WHAT IS BEING ASKED:
Below are entries to be transcribed exactly; exclude the pictures from the copy.
+++ TASK DATA
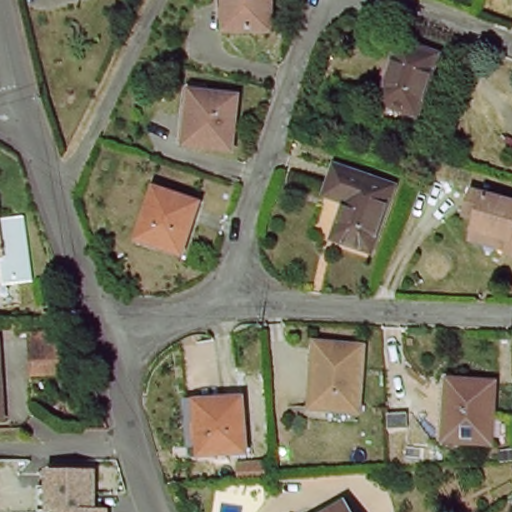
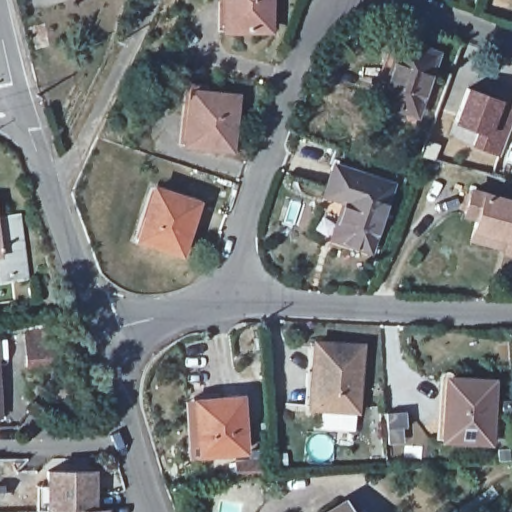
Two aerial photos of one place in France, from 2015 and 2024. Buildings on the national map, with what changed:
unchanged [(270,30),(227,30),(227,0),(270,0),(270,30)]
unchanged [(416,115),(379,102),(400,42),(437,54),(416,115)]
new [(480,95),(485,86),(512,97),(512,122),(499,161),(465,148),(470,134),(443,123),(457,86),(480,95)]
unchanged [(231,150),(187,145),(191,113),(187,113),(190,91),(237,96),(231,150)]
unchanged [(392,185),(370,251),(332,238),(345,201),(325,195),(327,187),(335,165),(392,185)]
unchanged [(180,254),(137,240),(143,219),(147,220),(157,189),(198,203),(180,254)]
unchanged [(478,230),(482,218),(470,214),(477,191),(512,201),(512,247),(477,237),(478,230)]
unchanged [(0,275),(0,224),(7,274),(0,275)]
unchanged [(510,252),(512,247),(512,252),(510,252)]
unchanged [(26,332),(57,330),(60,372),(29,374),(26,332)]
unchanged [(312,408),(315,366),(312,366),(315,343),(362,347),(357,411),(312,408)]
unchanged [(444,440),(448,380),(493,383),(490,443),(444,440)]
unchanged [(245,452),(198,455),(194,402),(240,398),(245,452)]
new [(387,446),(387,431),(386,415),(406,414),(407,429),(402,430),(403,444),(387,446)]
unchanged [(87,506),(107,509),(107,512),(51,512),(51,509),(37,509),(37,474),(85,475),(87,506)]
unchanged [(355,512),(323,512),(347,498),(355,512)]
++++++
ANSWER TO THE EXERCISE:
Two aerial photos of one place in France, from 2015 and 2024. Buildings on the national map, with what changed:
unchanged [(270,30),(227,30),(227,0),(270,0),(270,30)]
unchanged [(416,115),(379,102),(400,42),(437,54),(416,115)]
new [(480,95),(485,86),(512,97),(512,122),(499,161),(465,148),(470,134),(443,123),(457,86),(480,95)]
unchanged [(231,150),(187,145),(191,113),(187,113),(190,91),(237,96),(231,150)]
unchanged [(392,185),(370,251),(332,238),(345,201),(325,195),(327,187),(335,165),(392,185)]
unchanged [(180,254),(137,240),(143,219),(147,220),(157,189),(198,203),(180,254)]
unchanged [(478,230),(482,218),(470,214),(477,191),(512,201),(512,247),(477,237),(478,230)]
unchanged [(0,275),(0,224),(7,274),(0,275)]
unchanged [(510,252),(512,247),(512,252),(510,252)]
unchanged [(26,332),(57,330),(60,372),(29,374),(26,332)]
unchanged [(312,408),(315,366),(312,366),(315,343),(362,347),(357,411),(312,408)]
unchanged [(444,440),(448,380),(493,383),(490,443),(444,440)]
unchanged [(245,452),(198,455),(194,402),(240,398),(245,452)]
new [(387,446),(387,431),(386,415),(406,414),(407,429),(402,430),(403,444),(387,446)]
unchanged [(87,506),(107,509),(107,512),(51,512),(51,509),(37,509),(37,474),(85,475),(87,506)]
unchanged [(355,512),(323,512),(347,498),(355,512)]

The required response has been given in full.